Part III / ACS project ideas

Hardware-assisted generation garbage collection with CHERI

Prerequisites: Knowledge of C, graph theory, virtual memory, MIPS assembly

Sun Labs had a project (Project Maxwell) that identified that the objects in the young generation for a generational garbage collector and the objects in the cache are similar. This project added a full object memory to SPARC and allowed the young-generational collector to run entirely in the cache.

CHERI adds a capability-oriented view of virtual memory to the MIPS ISA. With CHERI, it is possible for the hardware to distinguish between pointers (capabilities to memory) and other data. A previous project wrote a purely software garbage collector that worked for C.

It should be possible to combine these two approaches into a single system that would provide generation garbage collection. The basic idea would be a young generation implemented as a semi-space collector in SRAM in a range of the virtual address space. When a capability to this is stored in the cache, it would be marked as a root. When a cache line containing a capability to such a location is flushed to main memory, it would trap to software, which would promote the object to an older generation.

The young generation could be collected entirely asynchronously, with read barriers implemented by trapping loads from the scratchpad, though an initial cut may prefer to make them synchronous.

Hardware page-table walker for BERI

BERI implements the MIPS R4K system-level interface, which mandates a software-managed TLB. When the CPU can not find an entry in the TLB, it raises an interrupt and the OS is responsible for installing the relevant TLB entry.

The advantage of this approach is that it makes it much easier to experiment with different page table designs - very important when the R4K was released in the early 1990s and virtual memory was still a very active research topic. Unfortunately, it also provides several disadvantages:

  • TLB fills must happen synchronously with respect to the main pipeline - the TLB can’t be speculatively filled waiting for a future load.
  • The TLB-handling interrupt routine consumes instruction cache space.
  • Entering the TLB-fill routine causes a pipeline flush.

A successful implementation will provide a hardware walker that can inspect the FreeBSD page table format and automatically fill the TLB if there is a page ready. As an extension, you could make the TLB-fill logic programmable so that it can support multiple page table formats, or hard-code some others (for example, an inverted page table).
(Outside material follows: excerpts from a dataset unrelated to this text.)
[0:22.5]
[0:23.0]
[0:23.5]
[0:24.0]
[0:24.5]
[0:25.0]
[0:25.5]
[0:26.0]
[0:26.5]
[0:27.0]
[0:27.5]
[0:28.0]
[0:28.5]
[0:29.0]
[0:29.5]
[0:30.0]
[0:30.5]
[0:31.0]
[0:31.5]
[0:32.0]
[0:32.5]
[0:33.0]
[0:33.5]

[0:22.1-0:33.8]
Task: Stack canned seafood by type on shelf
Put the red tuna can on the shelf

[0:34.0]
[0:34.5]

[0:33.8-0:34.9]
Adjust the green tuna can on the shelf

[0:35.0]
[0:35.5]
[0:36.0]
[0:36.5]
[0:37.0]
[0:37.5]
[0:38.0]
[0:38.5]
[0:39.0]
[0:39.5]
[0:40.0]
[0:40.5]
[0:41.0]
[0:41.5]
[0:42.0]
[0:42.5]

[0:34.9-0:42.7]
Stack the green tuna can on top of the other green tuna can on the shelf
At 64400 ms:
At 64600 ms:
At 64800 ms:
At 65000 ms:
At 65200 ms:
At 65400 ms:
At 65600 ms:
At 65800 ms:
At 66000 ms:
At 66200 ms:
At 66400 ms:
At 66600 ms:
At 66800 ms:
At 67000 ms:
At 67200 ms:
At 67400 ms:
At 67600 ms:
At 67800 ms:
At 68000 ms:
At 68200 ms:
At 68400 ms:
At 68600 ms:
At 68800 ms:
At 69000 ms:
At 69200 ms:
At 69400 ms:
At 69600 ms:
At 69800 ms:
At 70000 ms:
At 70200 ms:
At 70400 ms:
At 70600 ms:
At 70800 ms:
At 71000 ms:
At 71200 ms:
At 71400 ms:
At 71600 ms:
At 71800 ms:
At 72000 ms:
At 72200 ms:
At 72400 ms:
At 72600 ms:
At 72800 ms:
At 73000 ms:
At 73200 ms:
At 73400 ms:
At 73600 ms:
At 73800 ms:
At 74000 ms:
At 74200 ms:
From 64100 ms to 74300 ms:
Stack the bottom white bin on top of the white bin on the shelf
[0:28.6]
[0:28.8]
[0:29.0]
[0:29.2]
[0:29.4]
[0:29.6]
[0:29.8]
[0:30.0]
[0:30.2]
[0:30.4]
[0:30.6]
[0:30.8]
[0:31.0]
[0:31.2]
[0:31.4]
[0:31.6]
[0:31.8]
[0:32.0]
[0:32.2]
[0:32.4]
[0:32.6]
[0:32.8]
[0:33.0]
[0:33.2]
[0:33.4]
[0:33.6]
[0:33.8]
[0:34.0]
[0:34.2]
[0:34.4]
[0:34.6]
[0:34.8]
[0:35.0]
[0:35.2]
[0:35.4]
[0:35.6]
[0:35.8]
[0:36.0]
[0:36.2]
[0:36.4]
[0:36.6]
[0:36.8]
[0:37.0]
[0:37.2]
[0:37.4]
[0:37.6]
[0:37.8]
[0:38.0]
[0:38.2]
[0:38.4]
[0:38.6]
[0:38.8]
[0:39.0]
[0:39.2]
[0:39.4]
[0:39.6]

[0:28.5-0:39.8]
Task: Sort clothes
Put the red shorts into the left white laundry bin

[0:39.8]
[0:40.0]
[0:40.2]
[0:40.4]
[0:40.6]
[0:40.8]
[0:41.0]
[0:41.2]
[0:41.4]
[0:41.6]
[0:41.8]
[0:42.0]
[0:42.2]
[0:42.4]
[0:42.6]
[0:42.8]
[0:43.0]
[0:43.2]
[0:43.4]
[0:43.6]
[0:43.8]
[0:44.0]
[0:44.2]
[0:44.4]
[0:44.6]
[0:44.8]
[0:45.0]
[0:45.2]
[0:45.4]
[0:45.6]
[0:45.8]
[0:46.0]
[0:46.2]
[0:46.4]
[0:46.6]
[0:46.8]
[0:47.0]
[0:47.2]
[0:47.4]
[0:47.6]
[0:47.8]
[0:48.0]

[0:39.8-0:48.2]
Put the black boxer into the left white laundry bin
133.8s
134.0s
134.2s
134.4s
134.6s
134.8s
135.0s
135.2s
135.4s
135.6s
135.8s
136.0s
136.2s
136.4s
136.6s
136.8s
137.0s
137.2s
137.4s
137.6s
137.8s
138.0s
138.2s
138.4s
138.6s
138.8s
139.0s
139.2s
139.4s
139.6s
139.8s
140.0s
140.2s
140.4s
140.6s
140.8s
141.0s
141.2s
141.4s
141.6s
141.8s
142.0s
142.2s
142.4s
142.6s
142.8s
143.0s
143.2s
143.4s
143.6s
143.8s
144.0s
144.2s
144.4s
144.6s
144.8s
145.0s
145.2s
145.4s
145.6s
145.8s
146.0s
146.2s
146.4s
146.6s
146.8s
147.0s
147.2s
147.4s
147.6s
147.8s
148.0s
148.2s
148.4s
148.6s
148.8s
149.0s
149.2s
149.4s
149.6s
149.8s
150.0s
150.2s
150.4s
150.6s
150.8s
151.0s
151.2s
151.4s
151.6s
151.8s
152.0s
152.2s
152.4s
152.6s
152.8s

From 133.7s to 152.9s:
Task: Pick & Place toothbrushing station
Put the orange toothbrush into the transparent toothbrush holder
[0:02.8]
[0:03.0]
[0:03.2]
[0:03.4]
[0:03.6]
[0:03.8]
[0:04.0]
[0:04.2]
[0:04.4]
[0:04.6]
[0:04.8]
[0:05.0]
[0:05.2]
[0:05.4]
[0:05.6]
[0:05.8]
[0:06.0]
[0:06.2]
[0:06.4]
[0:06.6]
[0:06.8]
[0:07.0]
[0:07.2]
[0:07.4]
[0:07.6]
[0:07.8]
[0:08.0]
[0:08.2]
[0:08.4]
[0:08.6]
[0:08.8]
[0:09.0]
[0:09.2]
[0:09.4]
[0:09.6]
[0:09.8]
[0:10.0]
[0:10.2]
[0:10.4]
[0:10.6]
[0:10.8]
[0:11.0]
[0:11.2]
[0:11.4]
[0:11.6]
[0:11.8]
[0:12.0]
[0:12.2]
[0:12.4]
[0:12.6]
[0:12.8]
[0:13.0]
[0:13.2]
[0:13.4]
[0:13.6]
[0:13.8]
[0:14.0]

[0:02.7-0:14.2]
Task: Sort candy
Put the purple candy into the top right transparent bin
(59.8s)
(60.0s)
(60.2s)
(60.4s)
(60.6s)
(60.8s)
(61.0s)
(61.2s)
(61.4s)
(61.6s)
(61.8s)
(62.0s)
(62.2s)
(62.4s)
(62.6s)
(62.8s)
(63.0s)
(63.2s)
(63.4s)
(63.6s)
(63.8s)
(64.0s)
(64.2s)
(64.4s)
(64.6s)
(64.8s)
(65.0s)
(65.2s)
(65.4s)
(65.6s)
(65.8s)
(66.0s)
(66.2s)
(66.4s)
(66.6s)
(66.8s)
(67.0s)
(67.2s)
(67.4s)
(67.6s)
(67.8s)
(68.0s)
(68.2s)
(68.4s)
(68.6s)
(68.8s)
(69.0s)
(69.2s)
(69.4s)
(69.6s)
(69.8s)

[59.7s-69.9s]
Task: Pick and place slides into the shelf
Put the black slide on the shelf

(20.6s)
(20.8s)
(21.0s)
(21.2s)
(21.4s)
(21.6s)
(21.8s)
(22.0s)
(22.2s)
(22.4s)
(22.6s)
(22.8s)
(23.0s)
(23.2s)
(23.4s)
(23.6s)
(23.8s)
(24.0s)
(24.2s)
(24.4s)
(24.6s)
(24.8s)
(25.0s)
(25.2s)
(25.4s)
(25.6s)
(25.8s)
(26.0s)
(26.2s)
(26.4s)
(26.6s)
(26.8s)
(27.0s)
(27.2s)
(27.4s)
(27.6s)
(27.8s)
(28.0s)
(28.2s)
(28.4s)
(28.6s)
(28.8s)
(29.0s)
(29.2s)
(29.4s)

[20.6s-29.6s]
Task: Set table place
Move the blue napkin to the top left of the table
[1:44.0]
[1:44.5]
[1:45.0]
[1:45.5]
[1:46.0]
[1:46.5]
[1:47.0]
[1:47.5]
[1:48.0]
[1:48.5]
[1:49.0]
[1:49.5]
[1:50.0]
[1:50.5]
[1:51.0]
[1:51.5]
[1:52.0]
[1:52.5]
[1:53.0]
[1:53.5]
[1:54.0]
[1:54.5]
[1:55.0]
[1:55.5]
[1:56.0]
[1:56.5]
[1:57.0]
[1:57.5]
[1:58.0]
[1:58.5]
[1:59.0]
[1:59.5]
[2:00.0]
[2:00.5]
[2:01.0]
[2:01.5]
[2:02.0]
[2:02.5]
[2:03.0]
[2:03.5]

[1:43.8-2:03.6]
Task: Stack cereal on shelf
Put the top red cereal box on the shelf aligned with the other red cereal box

Evaluation should show whether a hardware implementation is faster for a simple in-order pipeline (BERI) by running a variety of workloads with and without the hardware support.

Note: This project requires familiarity with Bluespec SystemVerilog and so is probably best suited to a Part III / ACS student taking the Advanced Computer Design course.

OS Support for Garbage Collection

Prerequisites: A good knowledge of C and the ability to work with concurrent data structures using fine-grained locking

Microsoft Windows provides an API for receiving notifications related to which pages have been modified. This is used in the .NET runtime, but similar interfaces are lacking on other systems. This project will involve modifying the FreeBSD virtual memory subsystem to provide an API that allows garbage collectors to query this data and modifying the Boehm collector to use it.

The Boehm collector provides a platform-independent mechanism for retrieving a list of dirty pages, along with multiple implementations (the Windows API, using mmap() to mark pages as read-only and catching the faults, and a few others) so these changes will be relatively small. The OS changes will be more significant. Some important considerations include:

  • The OS uses the dirty bit to identify pages that are candidates for swapping, so its notion of a dirty page is not the same as the garbage collector’s.
  • Programs use multiple threads. As a first approximation, it would be acceptable to only query for dirty bits after calling pthread_suspend_all_np().
  • For correctness in a garbage collector, it is acceptable to provide a superset of the modified pages - scanning a page that is not modified only hurts performance - but missing a write is a serious problem.

The implementation will most likely involve adding a counter to each page that is incremented when the page moves from clean to dirty status and querying a range of pages to identify whether their counters have incremented since a previous call (make sure you handle overflow in the counters sensibly! This can be just by providing a ‘reset all counters’ API to userspace and).

Evaluation should involve running the modified Boehm collector on some benchmarks and determining whether it provides better performance. If it doesn’t, then evaluation should describe what the overheads were that offset the speedup.